Helpful aids & equipment

  • Using a shower chair helps prevent unnecessary waste of energy from the legs and balancing in the shower.
  • Aids such as a long-handled shoehorn or back/toe washer can help prevent high energy movements such as bending and reaching.
  • Labelling cabinets and drawers could alleviate some cognitive fatigue.

Hydration & diet

  • Stay well-hydrated
  • Eat a healthy (plenty of fruits and vegetables) and balanced diet
  • Eat foods with a low glycaemic index (low GI) to provide longer lasting energy.

Exercise during ‘on’ periods

  • Exercise in the morning to get most use of your baseline dopamine
  • Physical activity builds strength and stamina to overcome fatigue.

References:

Folkerts AK, Nielsen J, Gollan R, Lansu A, Solfronk D, Monsef I, Ernst M, Skoetz N, Zeuner KE, Kalbe E. Physical Exercise as a Potential Treatment for Fatigue in Parkinson’s Disease?
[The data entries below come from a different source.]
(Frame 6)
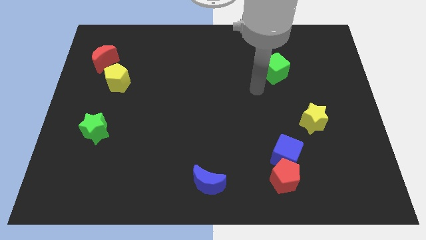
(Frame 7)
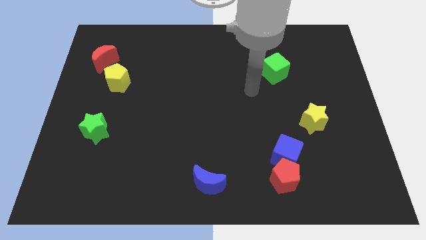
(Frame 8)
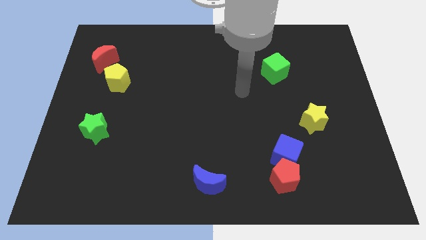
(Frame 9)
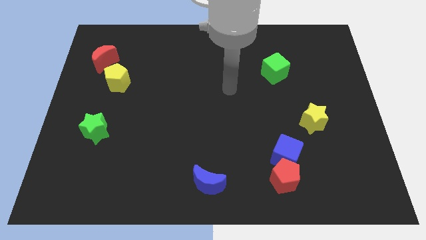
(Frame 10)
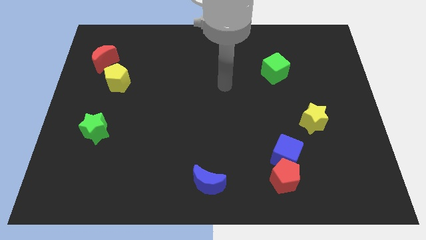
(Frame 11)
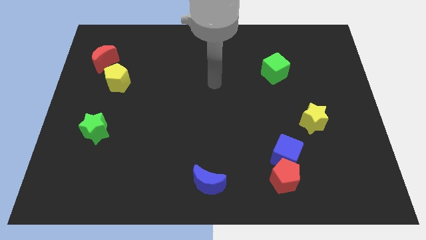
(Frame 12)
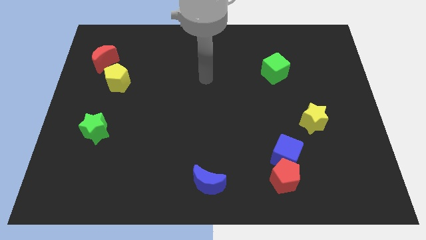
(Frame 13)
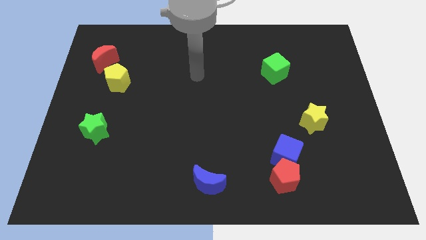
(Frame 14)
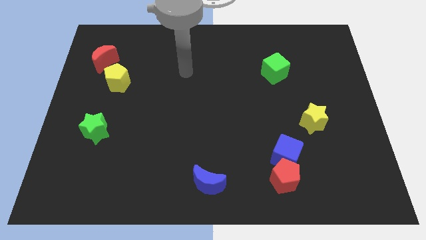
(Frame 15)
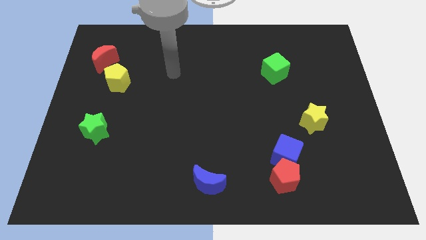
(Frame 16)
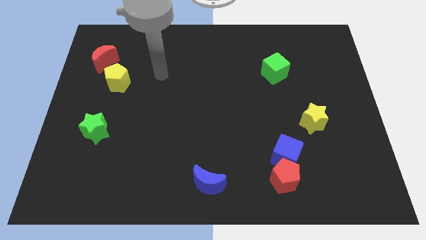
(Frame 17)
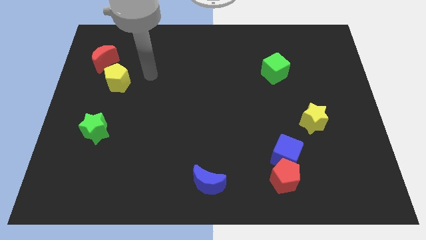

A Systematic Review and Meta-Analysis of Pharmacological and Non-Pharmacological Interventions. J Parkinsons Dis. 2023;13(5):659-679. doi: 10.3233/JPD-225116. PMID: 37334618; PMCID: PMC10473113.

John Hopkins How to fight Parkinson’s disease-related fatigue

Kostić VS, Tomić A, Ječmenica-Lukić M. The Pathophysiology of Fatigue in Parkinson’s Disease and its Pragmatic Management. Mov Disord Clin Pract. 2016 Mar 11;3(4):323-330. doi: 10.1002/mdc3.12343. PMID: 30363584; PMCID: PMC6178705.